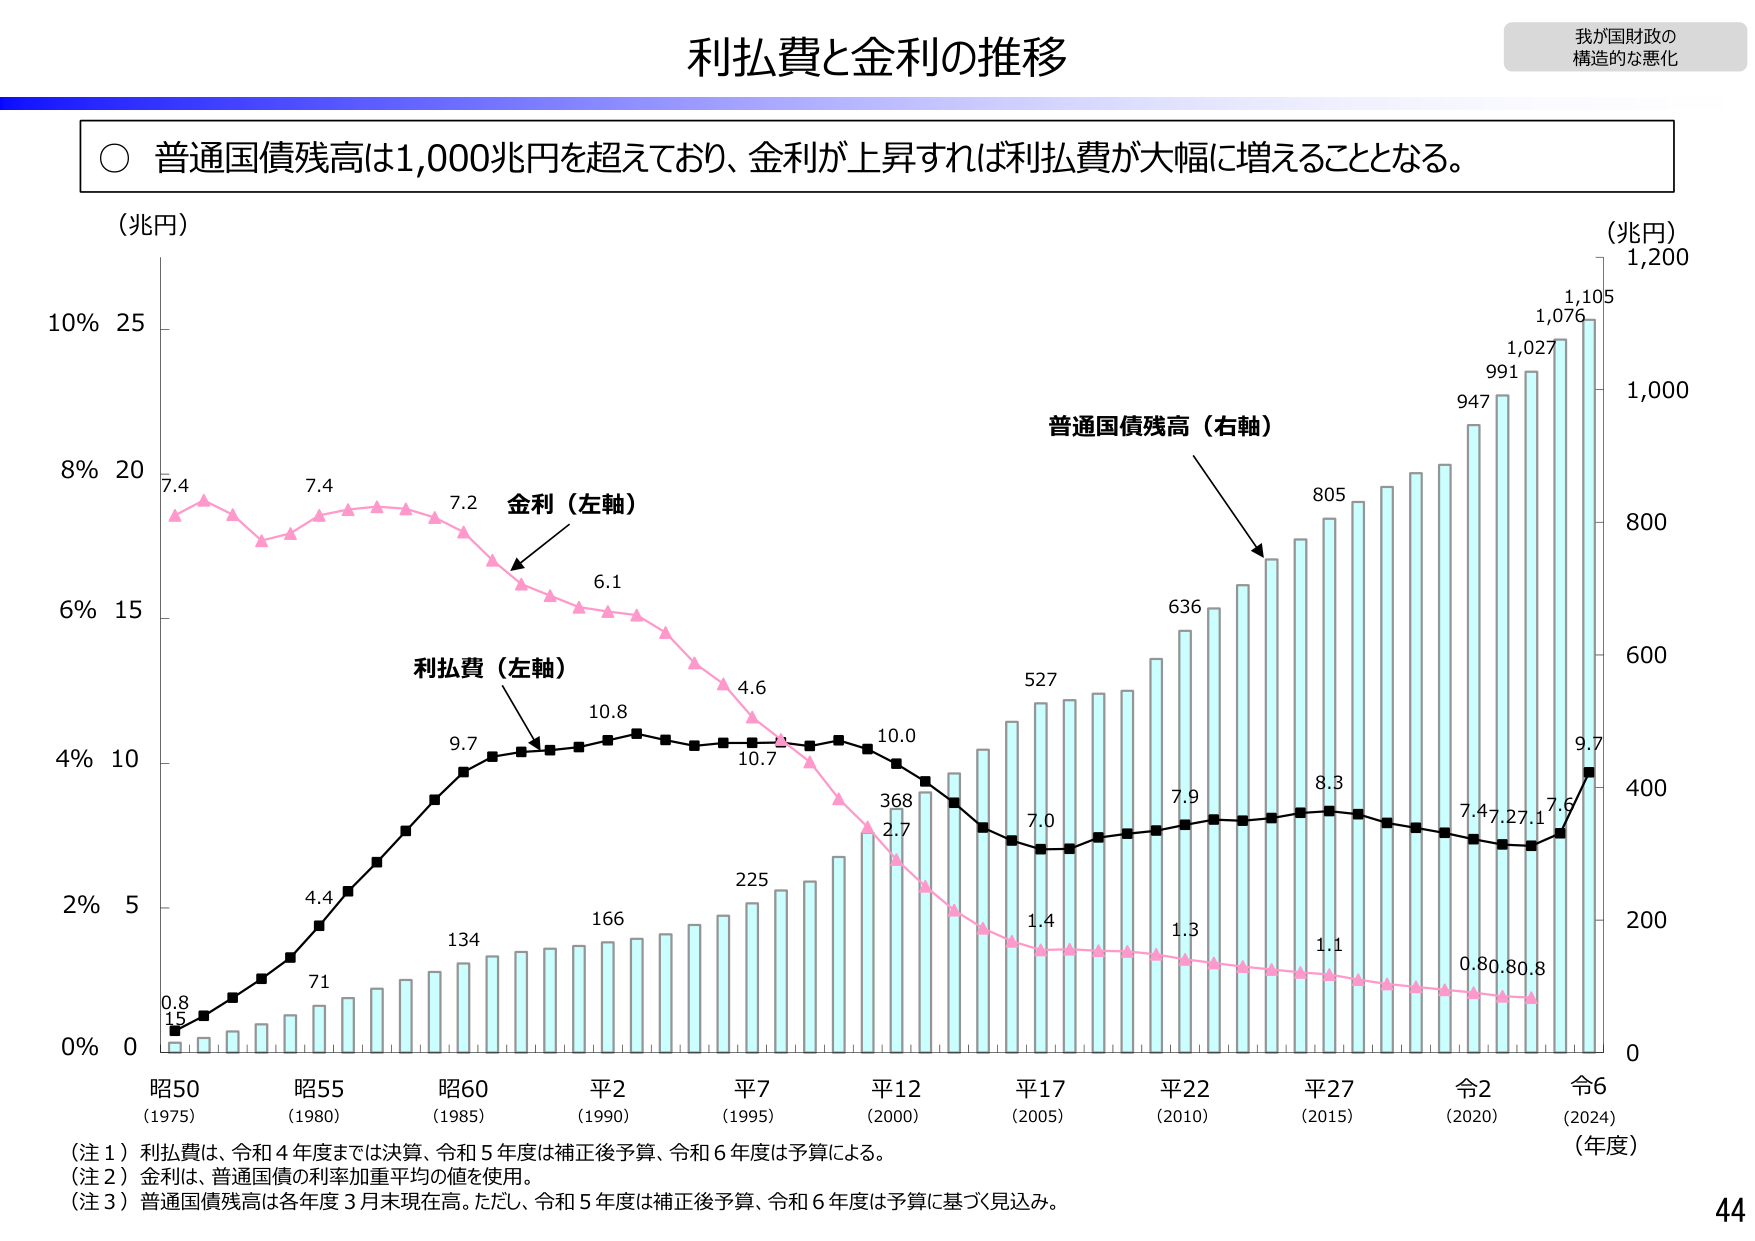
利払費と金利の推移

我が国財政の
構造的な悪化

○ 普通国債残高は1,000兆円を超えており、金利が上昇すれば利払費が大幅に増えることとなる。

（兆円）
10% 25
8% 20
6% 15
4% 10
2% 5
0% 0

7.4
7.4
7.2
6.1
4.6
10.7
2.7
1.4
1.3
1.1
0.80
0.80
金利（左軸）

0.8
1.5
4.4
71
9.7
134
10.8
166
225
368
527
7.0
7.9
8.3
7.4
7.27
7.1
7.6
9.7
利払費（左軸）

普通国債残高（右軸）
636
805
947
991
1,027
1,076
1,105

（兆円）
1,200
1,000
800
600
400
200
0

昭50
（1975）
昭55
（1980）
昭60
（1985）
平2
（1990）
平7
（1995）
平12
（2000）
平17
（2005）
平22
（2010）
平27
（2015）
令2
（2020）
令6
（2024）
（年度）

（注１）利払費は、令和４年度までは決算、令和５年度は補正後予算、令和６年度は予算による。
（注２）金利は、普通国債の利率加重平均の値を使用。
（注３）普通国債残高は各年度３月末現在高。ただし、令和５年度は補正後予算、令和６年度は予算に基づく見込み。

44

-----

Task to carry out: Every record should come back exactly as it is, though none of the pictures should.

Exercise solution:
利払費と金利の推移

我が国財政の
構造的な悪化

○ 普通国債残高は1,000兆円を超えており、金利が上昇すれば利払費が大幅に増えることとなる。

（兆円）
10% 25
8% 20
6% 15
4% 10
2% 5
0% 0

7.4
7.4
7.2
6.1
4.6
10.7
2.7
1.4
1.3
1.1
0.80
0.80
金利（左軸）

0.8
1.5
4.4
71
9.7
134
10.8
166
225
368
527
7.0
7.9
8.3
7.4
7.27
7.1
7.6
9.7
利払費（左軸）

普通国債残高（右軸）
636
805
947
991
1,027
1,076
1,105

（兆円）
1,200
1,000
800
600
400
200
0

昭50
（1975）
昭55
（1980）
昭60
（1985）
平2
（1990）
平7
（1995）
平12
（2000）
平17
（2005）
平22
（2010）
平27
（2015）
令2
（2020）
令6
（2024）
（年度）

（注１）利払費は、令和４年度までは決算、令和５年度は補正後予算、令和６年度は予算による。
（注２）金利は、普通国債の利率加重平均の値を使用。
（注３）普通国債残高は各年度３月末現在高。ただし、令和５年度は補正後予算、令和６年度は予算に基づく見込み。

44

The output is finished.